**Required work**.
Exclude all pictures from your copy of the data below, which should otherwise match exactly.

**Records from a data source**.

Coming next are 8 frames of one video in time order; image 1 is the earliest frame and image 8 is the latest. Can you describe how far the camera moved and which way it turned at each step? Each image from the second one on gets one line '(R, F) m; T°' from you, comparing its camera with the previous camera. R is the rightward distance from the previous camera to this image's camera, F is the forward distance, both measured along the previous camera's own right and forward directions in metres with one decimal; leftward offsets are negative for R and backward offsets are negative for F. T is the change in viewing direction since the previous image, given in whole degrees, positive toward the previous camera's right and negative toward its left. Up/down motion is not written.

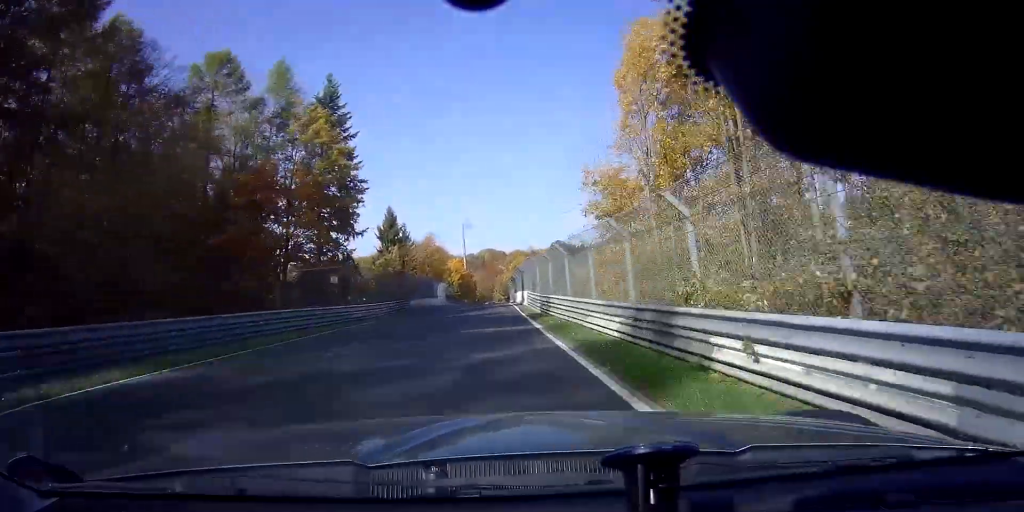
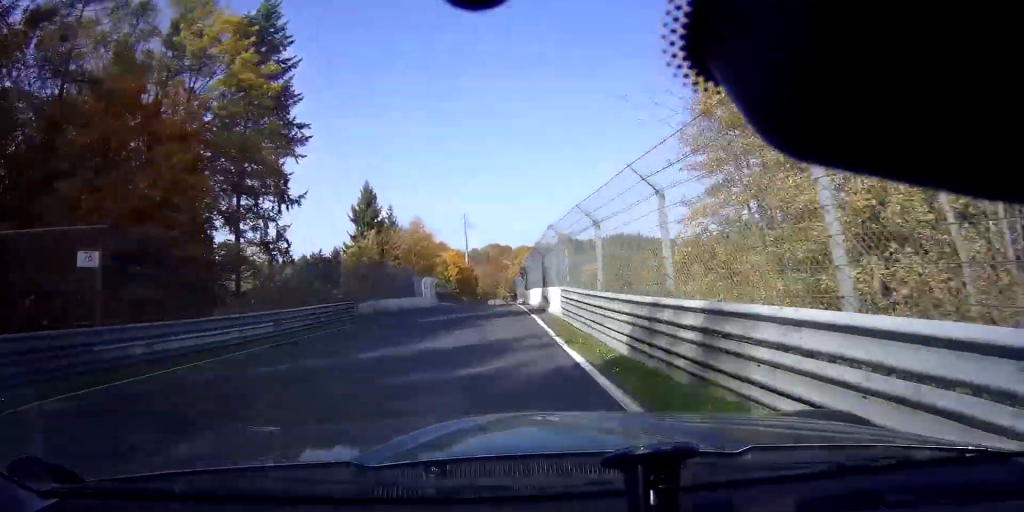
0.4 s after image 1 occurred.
(+0.2, +16.8) m; 0°
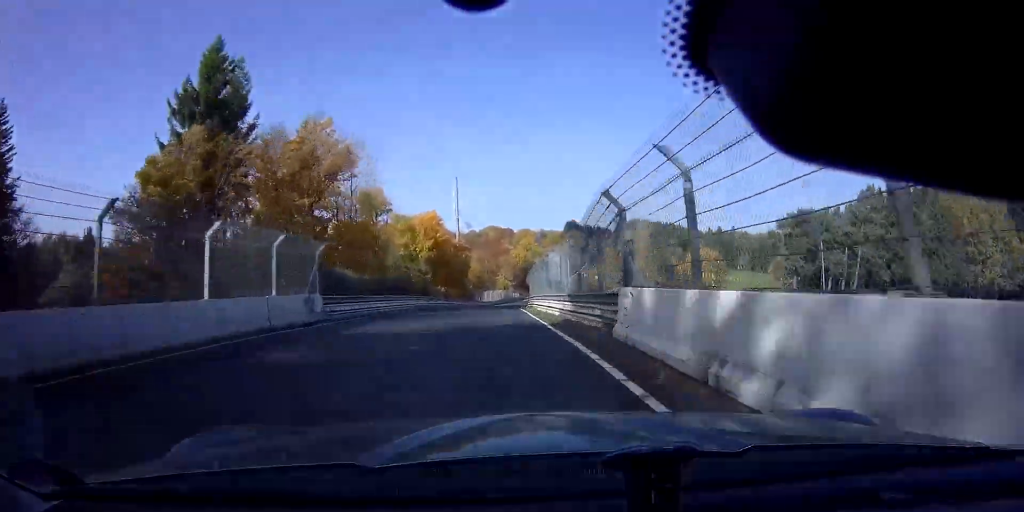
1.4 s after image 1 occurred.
(-0.5, +37.1) m; 0°
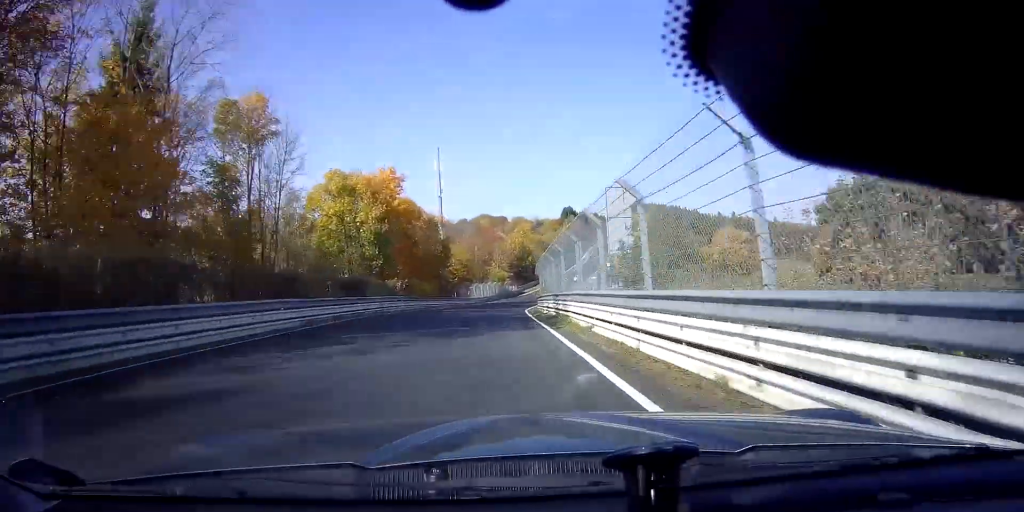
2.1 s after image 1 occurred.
(+0.3, +22.1) m; +2°
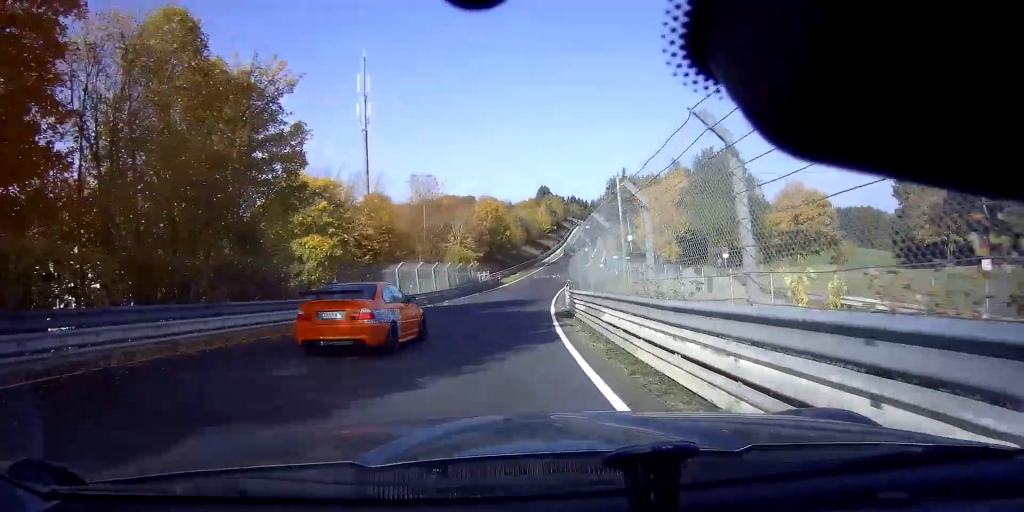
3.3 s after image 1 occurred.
(+1.3, +40.9) m; +4°
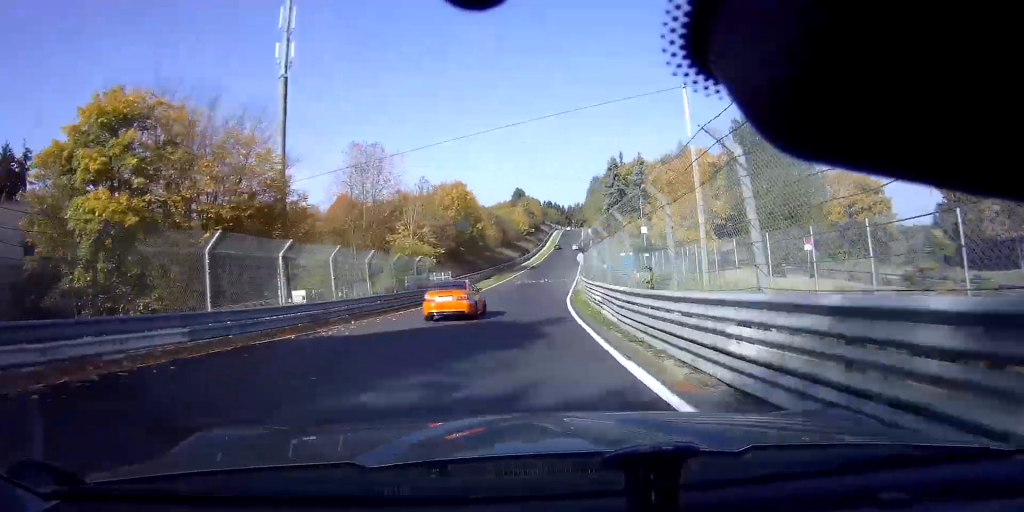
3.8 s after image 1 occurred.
(+0.4, +19.5) m; +2°
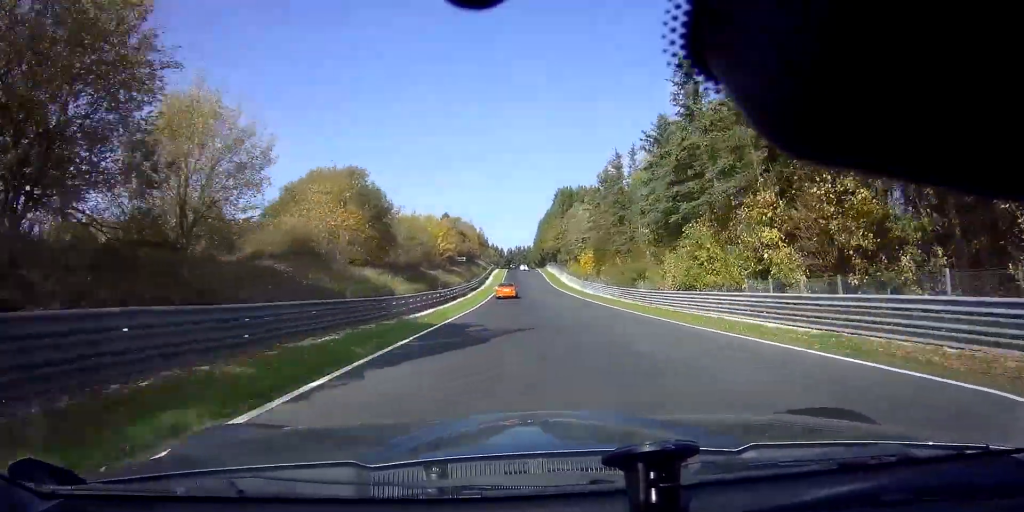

**Response for this exercise**.
Coming next are 8 frames of one video in time order; image 1 is the earliest frame and image 8 is the latest. Can you describe how far the camera moved and which way it turned at each step? Each image from the second one on gets one line '(R, F) m; T°' from you, comparing its camera with the previous camera. R is the rightward distance from the previous camera to this image's camera, F is the forward distance, both measured along the previous camera's own right and forward directions in metres with one decimal; leftward offsets are negative for R and backward offsets are negative for F. T is the change in viewing direction since the previous image, given in whole degrees, positive toward the previous camera's right and negative toward its left. Up/down motion is not written.

0.4 s after image 1 occurred.
(+0.2, +16.8) m; 0°
1.4 s after image 1 occurred.
(-0.5, +37.1) m; 0°
2.1 s after image 1 occurred.
(+0.3, +22.1) m; +2°
3.3 s after image 1 occurred.
(+1.3, +40.9) m; +4°
3.8 s after image 1 occurred.
(+0.4, +19.5) m; +2°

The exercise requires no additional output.